• 26
    biraz ağır bir yakıştırma elbette...

    neden böyle diyoruz?
    yeniçeri; osmanlı'da padişahı savaşlarda koruyan, barış dönemlerinde de "payitaht"ı korumakla mükellef eli silahlı topluluk.

    her şey yolundayken, karizmatik liderlere sahip iken, padişah uğruna kellesini verecek insan sayısı çoktur. biat etmek bu zamanlarda çok daha kolay. lakin bu babadan oğula geçen bir sistem. babası karizmatik, akıllı bir lider diye tohumuna su karışmış olamaz mı? e oluyor... peki n'oluyor?

    işte o biatçılar yavaş yavaş lan ne oluyoruz diyor. kime itaat ediyoruz ki diyor. hazır ellerinde silah da var. ayaklanmak kolay... elinde silah varken artık benim dediğim olacak demek de öyle...

    işte bu sebeple, 1900'lerden beridir her ayaklanana, bundan sonra benim dediğim olacak diyene yeniçeri demeye başladık.
    ---------

    galatasaray'ı diğer kulüplerden ayıran bir özellik. yıllardır süre gelen "gelenek" adeta. fatih terimler (oyuncuyken), uğur tütünekerler, hakan şükürler, arda turanlar ve şimdi de "selçuklar"...

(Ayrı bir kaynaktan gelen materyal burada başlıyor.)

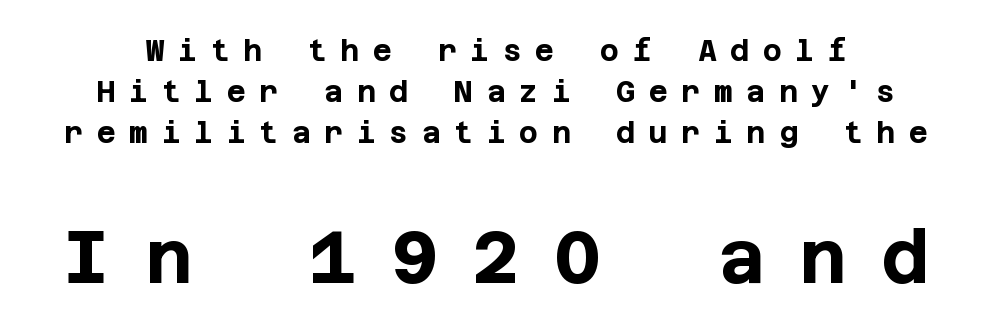
The image shows 73 px bold sans-serif type, upright; set normal line spacing (1.41x), unusually wide letter spacing (+0.47 em), not underlined; the second (bottom) block is 2.52x larger; low stroke contrast and a large x-height.
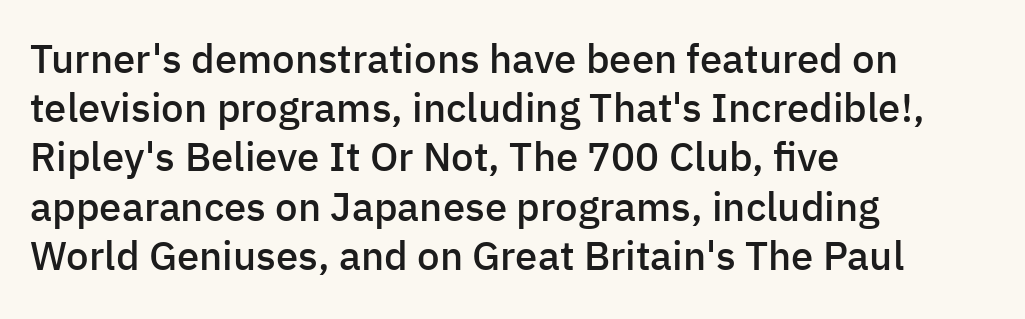
The characters display no serif detailing; their extremities are plain. This sample uses an upright cut, with every glyph sitting square on the baseline. Underline: absent. Notice the strokes are somewhat thickened but not fully heavy: this is a semibold.
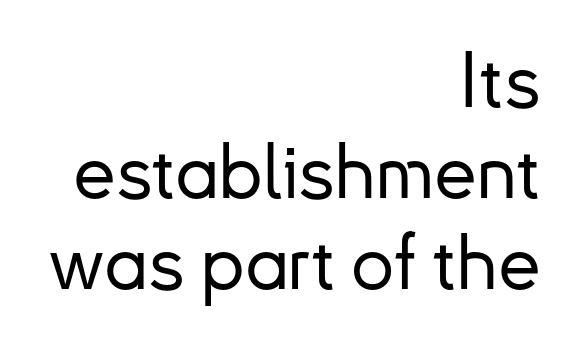
Q: Is the text italic (slanted)? A: No, it is upright.
Q: Is the typeface a serif or a sans-serif typeface? A: Sans-serif.
Q: Is the text underlined? A: No.
Q: How is the paragraph aligned? A: Right-aligned.
Q: Is the spacing between letters normal or unusually wide? A: Normal.
Q: Width (condensed, normal, or wide)? A: Normal.
Q: Stroke contrast? A: Low.
Q: x-height? A: Small.
Q: Monospaced? A: No.
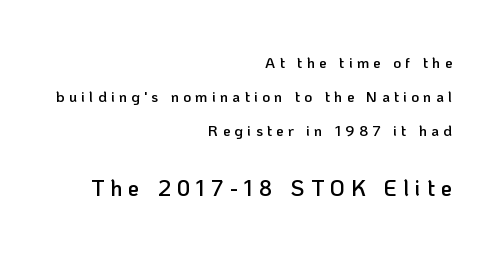
{"italic": "no", "bold": "semi", "underline": "no", "align": "right", "line_spacing": "loose", "line_spacing_ratio": 2.27, "letter_spacing": "wide", "letter_spacing_em": 0.28, "larger_block": "second", "size_ratio": 1.47, "glyph_px": 22}
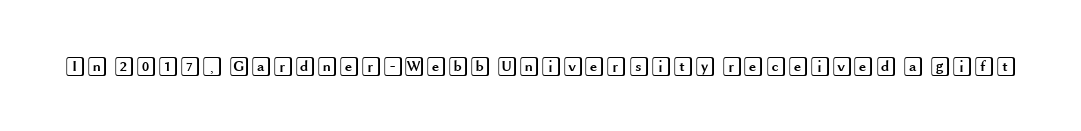
Q: Is the text italic (slanted)? A: No, it is upright.
Q: Is the text underlined? A: No.
Q: Is the spacing between letters normal or unusually wide? A: Normal.
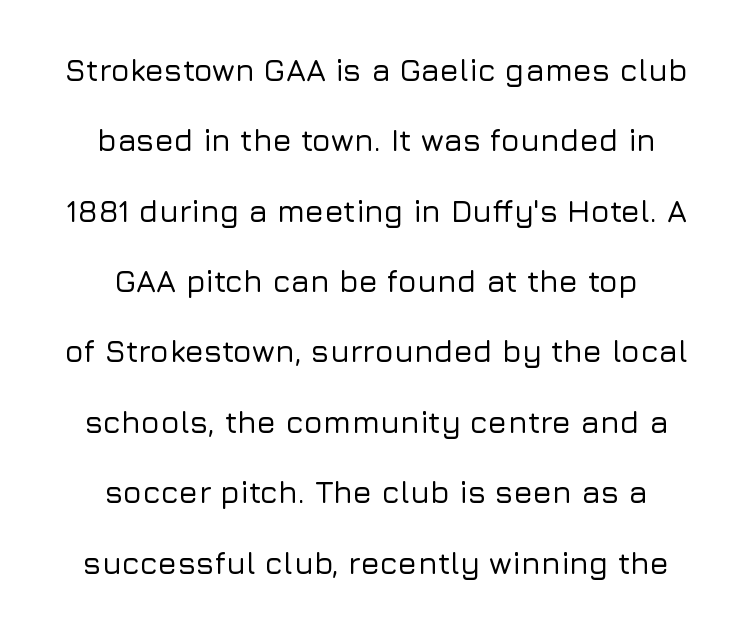
{"serif": "no", "italic": "no", "width": "normal", "stroke_contrast": "low", "x_height": "medium", "monospaced": "no", "underline": "no", "align": "center", "line_spacing": "loose", "line_spacing_ratio": 2.27, "letter_spacing": "normal", "letter_spacing_em": 0.0, "glyph_px": 31}
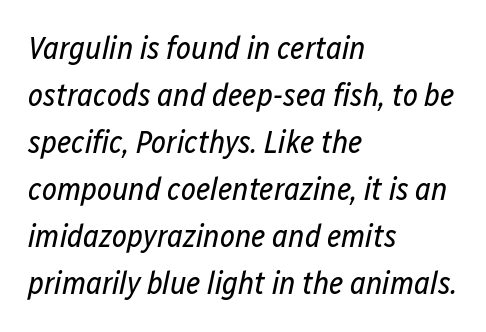
{"italic": "yes", "lean": "right", "slant_degrees": 12, "bold": "no", "weight": "regular", "width": "condensed", "stroke_contrast": "low", "x_height": "medium", "monospaced": "no", "underline": "no", "align": "left", "line_spacing": "normal", "line_spacing_ratio": 1.47, "letter_spacing": "normal", "letter_spacing_em": 0.0, "glyph_px": 32}
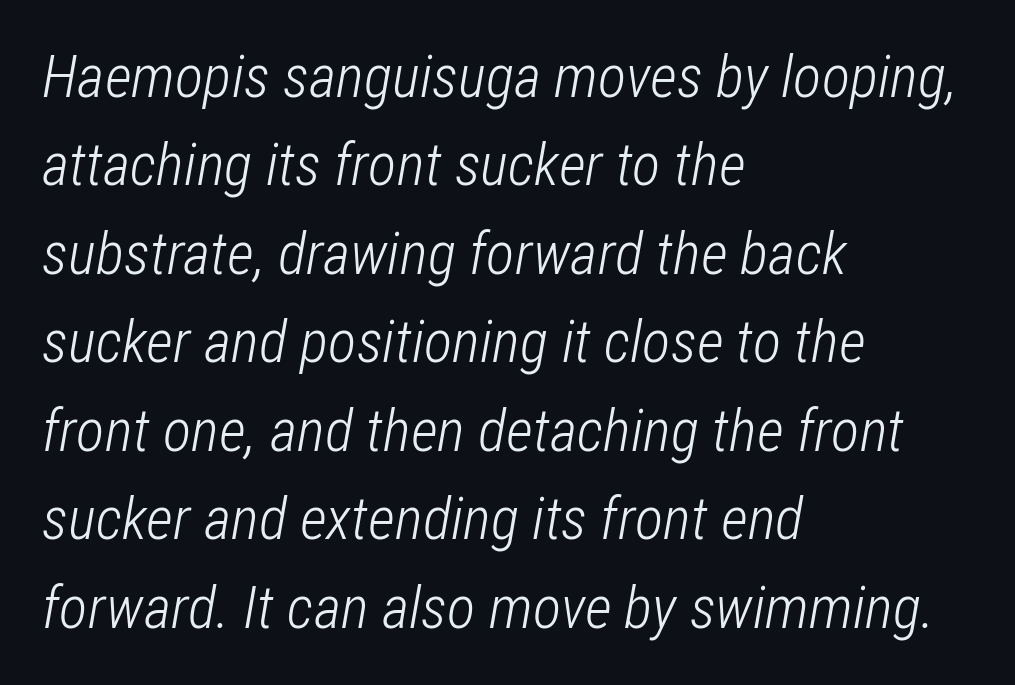
{"italic": "yes", "lean": "right", "slant_degrees": 12, "bold": "no", "weight": "light", "width": "condensed", "stroke_contrast": "low", "x_height": "medium", "monospaced": "no", "underline": "no", "align": "left", "line_spacing": "normal", "line_spacing_ratio": 1.5, "letter_spacing": "normal", "letter_spacing_em": 0.0, "glyph_px": 59}
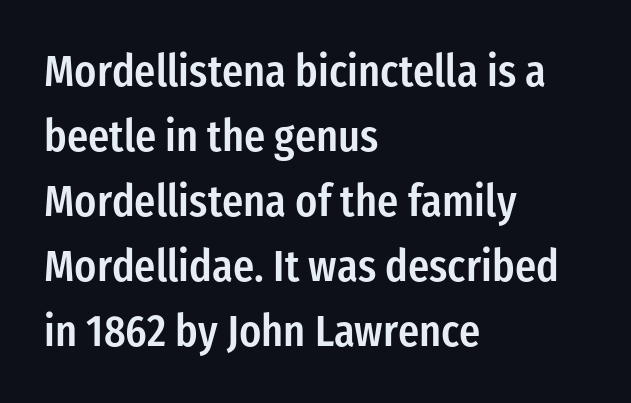
Is the type bold? Partly — it's a semibold, heavier than regular but not fully bold. Observe the absence of serifs on each vertical stroke in this sample. In terms of letterspacing, this is plain default setting. Clear beneath every line of the passage.
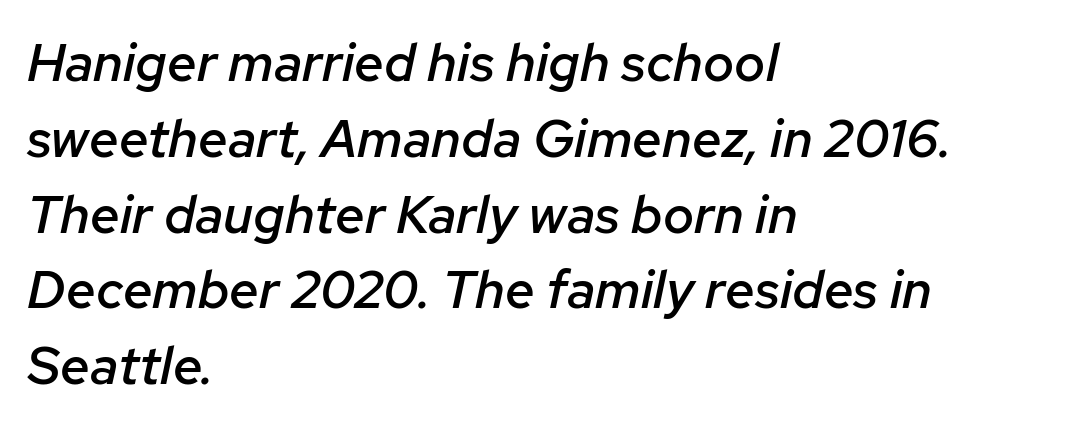
{"italic": "yes", "lean": "right", "slant_degrees": 12, "bold": "semi", "weight": "semibold", "width": "normal", "stroke_contrast": "low", "x_height": "medium", "monospaced": "no", "underline": "no", "align": "left", "line_spacing": "normal", "line_spacing_ratio": 1.43, "letter_spacing": "normal", "letter_spacing_em": 0.0, "glyph_px": 53}
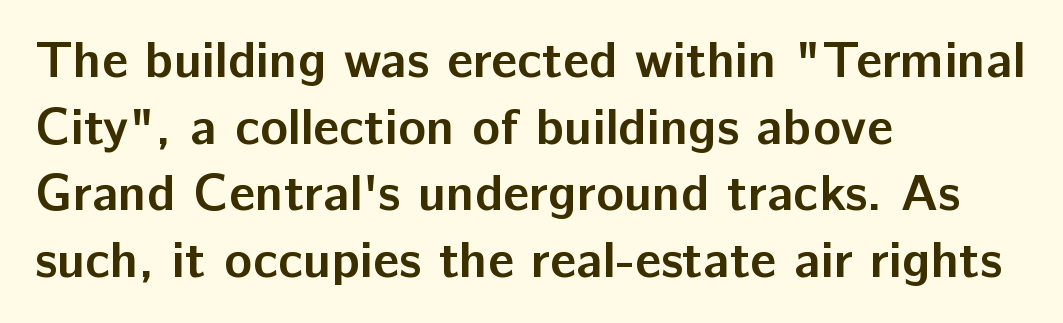
Q: Is the text bold? A: Yes.
Q: Is the text italic (slanted)? A: No, it is upright.
Q: Is the typeface a serif or a sans-serif typeface? A: Sans-serif.
Q: Is the text underlined? A: No.
Q: How is the paragraph aligned? A: Left-aligned.
Q: Is the spacing between letters normal or unusually wide? A: Normal.
Q: Is the spacing between lines tight, normal or loose? A: Normal.
Q: Width (condensed, normal, or wide)? A: Normal.
Q: Stroke contrast? A: Low.
Q: x-height? A: Medium.
Q: Monospaced? A: No.
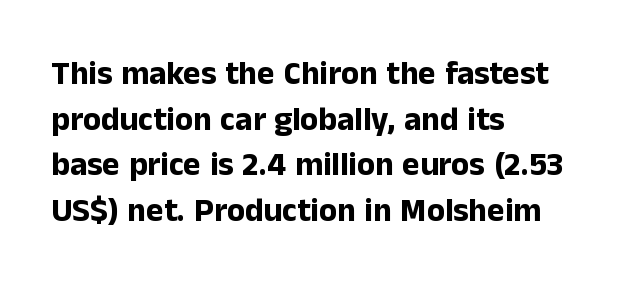
The words here are not underlined. A typesetter would call this leading conventional body-copy spacing. The letters stand straight up with perfectly vertical stems. Grotesque or geometric, the face here clearly has no serifs. Summary of weight: heavy, a full bold. Between one letter and the next there's only the usual sliver of space.

    nasıl oluyor da bu şekilde oluyor?
    devrin önemli yerli futbolcuları bunlar. saygınlıklarını öncelikle iyi futbollarıyla kazanıyorlar. daha sonra takımımıza belli başarılar sağlatıyorlar. kulüp içinde yer ediniyorlar.

    daha sonra işler kötüye gidiyor. bu yapılanma zarar vermeye başlıyor. adeta kessen olmuyor, göndersen göndermek zor oluyor, oynatsan ayrı sıkıntı...

    peki neden galatasaray?
    bunun çok bariz bir sebebi yok aslında. birkaç teori üzerinde durulabilir. galatasaray'ın başkanlık sorunu bunların başını çekiyor... "karizmatik başkan" bulmakta zorluk çekiyoruz. zira türk futbolu yapılanmasında profesyonellik olmayınca herkes "tek adamcılık" oynuyor. galatasaray'da buna izin verilmez yönetim düzeyinde. her ne hikmetse futbol takımına bu kültür yansımıyor ama.

    bir şekilde sporcular kendilerini koyvercekleri birini arıyor, sığınacak bir liman arıyor. bizde bu yönetim düzeyinde olmuyor. genelde lider ruhlu, başarılı futbolcuları tercih ediyorlar. bunu "yeniçeri başının" kendi karakteri belirliyor aslında. kendisi istese de istemese de bu yapılanma oluşuyor.

    taa barcelona'dan fetva veriliyor mesela, selçuk'a sahip çıkalım diye...

    ben selçuk'u çok severim. çok da başarılar yaşadı takım kendi önderliğinde sağolsun. kendisi böyle bir yapılanmada olmak da istememiştir buna da eminim.

    benim bu tip oyunculardan beklediğim, nasıl ki başarıda el üstünde tutuluyorsun ve liderlik yapıyorsun. başarısızlıkta da ön plana çık ve kabullen. bu tip oyuncuların en temel özelliği bu maalesef. başarı olunca her şey güzel, ancak başarısızlıkta neden böyle oluyor sorusunu kendilerine değil başkalarına sormaları. hesabı/faturayı başkalarına kesmeleri. taraftar tepki gösterince nankörlükle suçlamaları da bundan...

    bu şekilde olduğu sürece galatasaray 3 sene başarılı olur, sonraki 2 sezon dibe vurur. doğru zamanda, revizyon yapılmazsa buna hep mahkum oluruz maalesef.
  • 27
    yeniçerilerin gönderilmesinden çok yeniçeri faaliyetlerinin bulunmasına göz yuman yöneticilerdir galatasaray'ın asıl sorunu. biz bu yönetim şekli ve yöneticiler ile gidersek bir 25-30 sene daha yeni yeniçeriler ortaya çıkar. yaşım genç olduğundan dolayı bilmiyorum belki bilenler vardır. daha önceki yıllarda da oyuncuya dayalı sistem ile mi yönetiliyorduk yoksa sadece benim gördüğüm nesildeki yöneticiler mi buna izin veriyor. çünkü daha önceden de varsa bizim kulübün yönetim şeklini eleştirmemiz ve değiştirmemiz gerekir.